The function `apply()` is meant for arrays, which also means matrices and data frames, and perhaps some other formats as well. Because those pieces of data are multi-dimensional, you now have to specify which dimensions `apply()` should iterate over.
Let's draw a whole bunch of random numbers from the normal distribution, put them in a big matrix, and then see how well the standard deviations matches that of the default normal distribution (it should be close to 1). First we construct this matrix:
```{r}
nrows <- 10
ncols <- 50
normalnumbers <- matrix(rnorm(n=nrows*ncols),nrow=nrows,ncol=ncols)
```
The matrix `normalnumbers` now has a bunch of samples from the normal distribution and we can evaluate how normal these samples are:
```{r}
apply(normalnumbers,MARGIN=c(1),FUN=sd)
```
Can you apply this over columns? Write some code here to do this:
```{r}
apply( )
```
Can you think of another function to apply over columns or rows of floating point numbers? Try it out here:
```{r}
apply( )
```
You can also define your own functions to be used by apply. In this supposedly normal data, about half the averages should be above 0 (and the other half below). We can test this here, abusing the fact that FALSE and TRUE booleans can be used in math os 0 and 1.

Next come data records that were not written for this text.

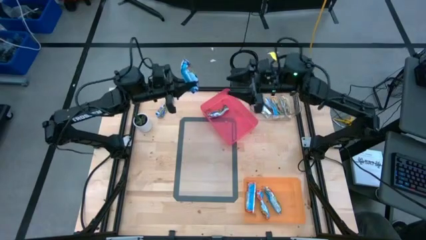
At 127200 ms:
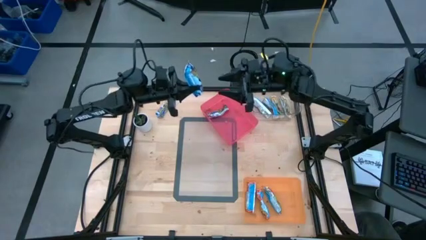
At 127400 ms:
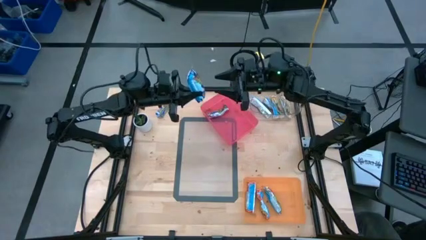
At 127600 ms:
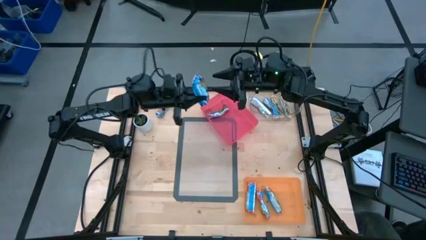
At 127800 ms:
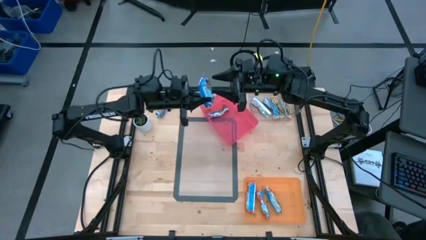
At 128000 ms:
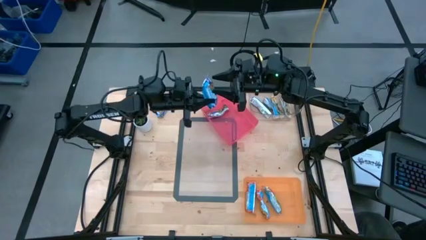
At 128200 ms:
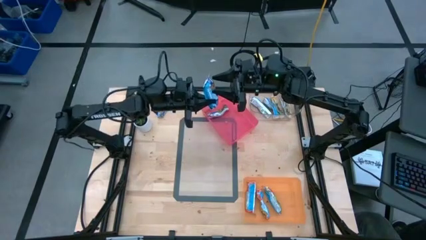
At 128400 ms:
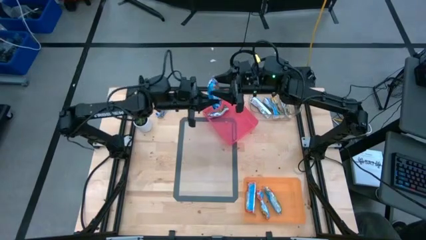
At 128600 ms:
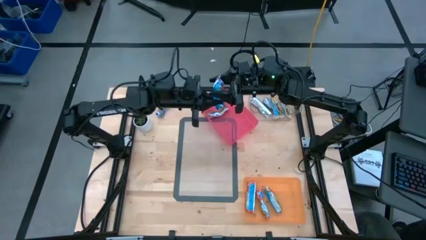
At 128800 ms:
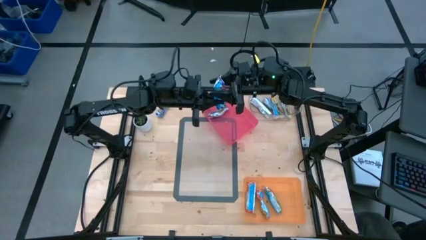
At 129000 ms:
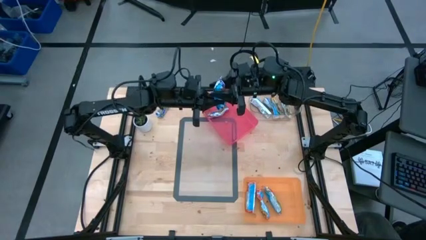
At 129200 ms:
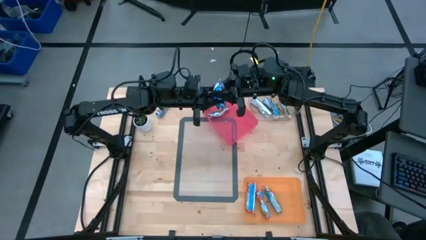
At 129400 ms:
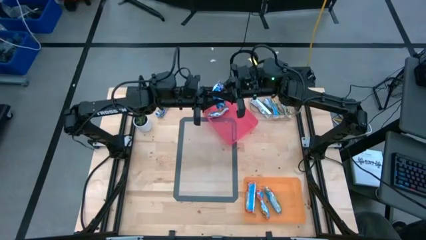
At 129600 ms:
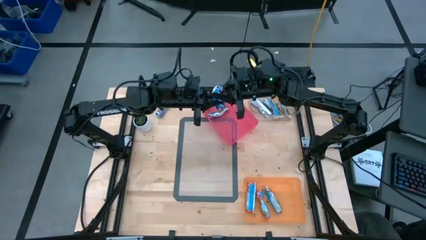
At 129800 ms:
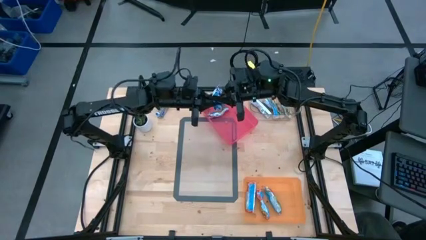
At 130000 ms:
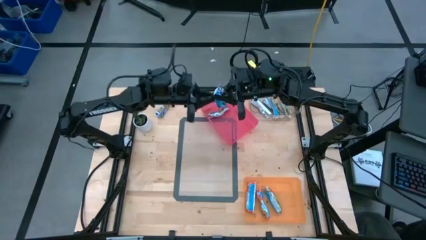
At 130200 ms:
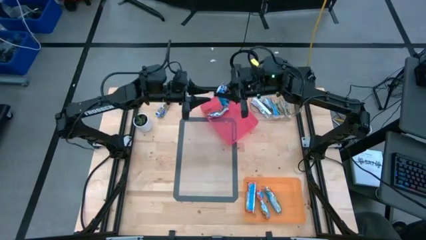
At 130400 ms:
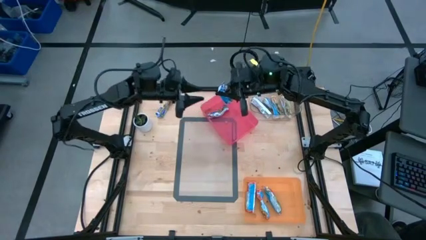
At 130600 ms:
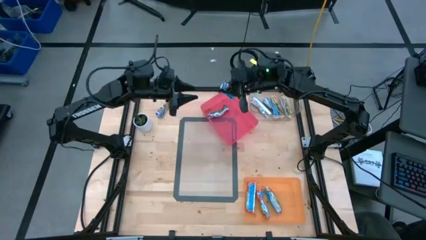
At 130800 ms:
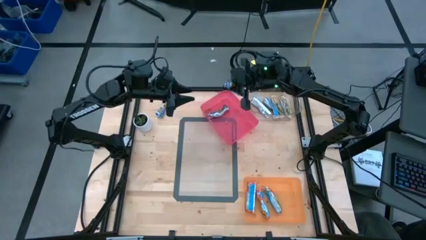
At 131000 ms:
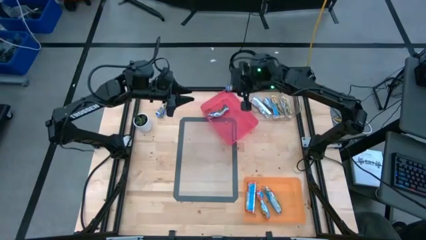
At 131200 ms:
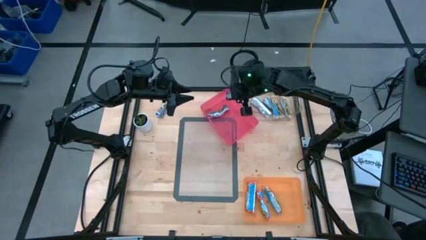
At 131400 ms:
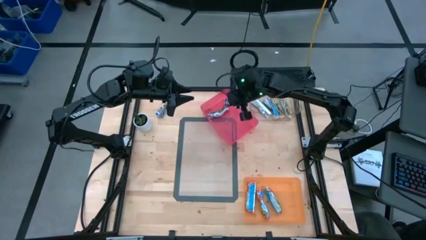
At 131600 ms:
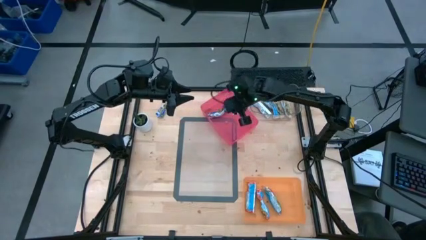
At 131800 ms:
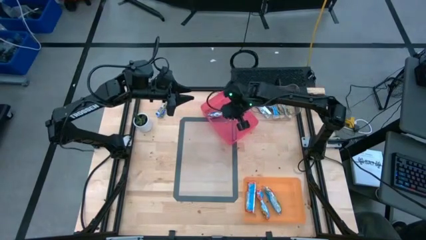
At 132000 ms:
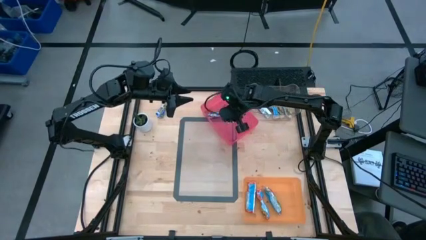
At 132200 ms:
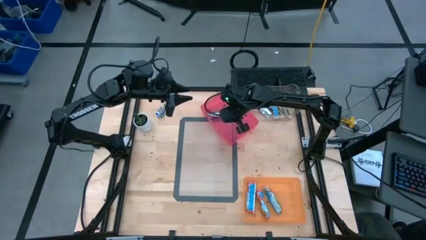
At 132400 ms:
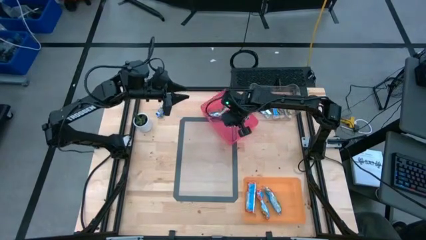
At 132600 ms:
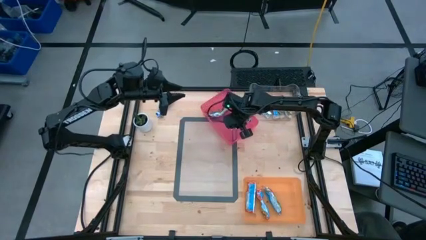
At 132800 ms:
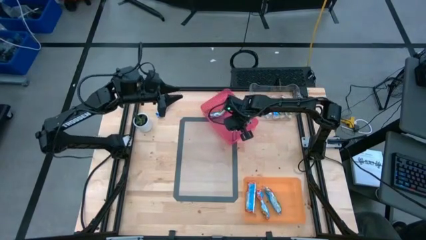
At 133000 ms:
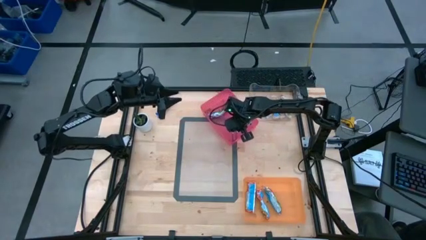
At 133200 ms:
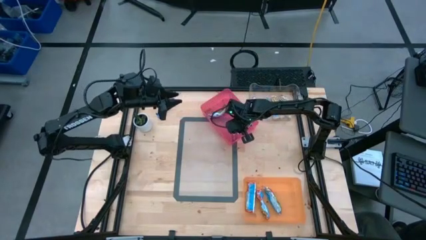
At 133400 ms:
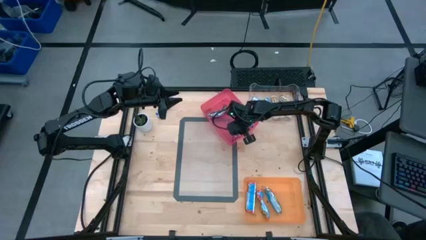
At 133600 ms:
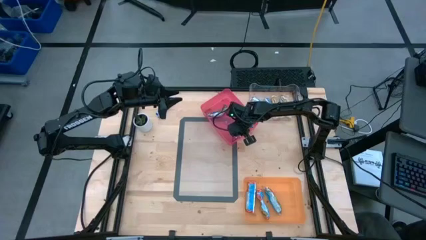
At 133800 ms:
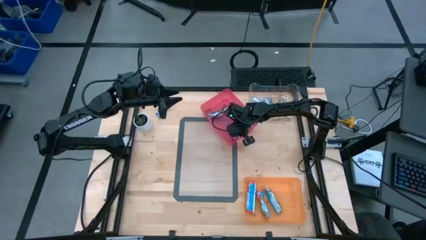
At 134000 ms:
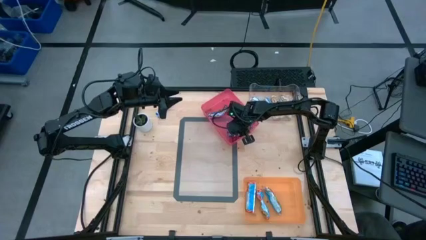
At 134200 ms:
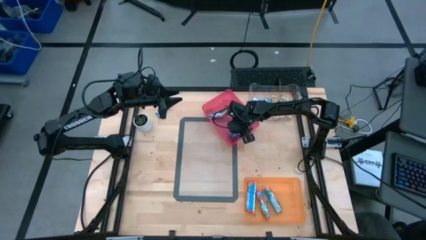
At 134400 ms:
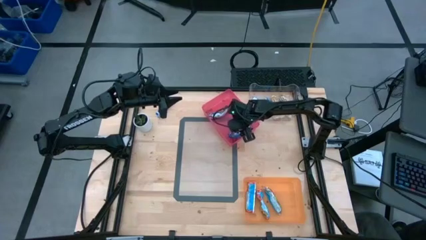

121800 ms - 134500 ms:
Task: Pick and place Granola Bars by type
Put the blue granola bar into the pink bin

First we define a function that returns if the mean of some input vector is higher than 0 (TRUE) or not (FALSE):
```{r}
hasMeanAboveZero <- function(x) {
return(mean(x, na.rm=TRUE) > 0)
}
```
This will actually return FALSE if the mean is exactly zero:
```{r}
hasMeanAboveZero(c(0,1,2))
hasMeanAboveZero(c(-1,1))
```
Now we can apply this function over all the columns of our matrix with normal numbers:
```{r}
apply(normalnumbers,MARGIN=c(2),FUN=hasMeanAboveZero)
```
Since fifty percent should be TRUE (mean above zero), and boolean values can be used as 0 (FALSE) and 1 (TRUE), the average of this list of boolean values should be around .50:
```{r}
mean(apply(normalnumbers,MARGIN=c(2),FUN=hasMeanAboveZero))
```
You can rerun the chunk that created the matrix to see if you get different numbers.
> This concludes the tutorial on flow control. You should now be able to structure your code so that parts of it are used when appropriate. To do this, you are able to use if-else statements. You can also re-run bits of code several times using for- and while loops, and you can (l)apply functions to a set of elements of a list, vector, matrix or data frame.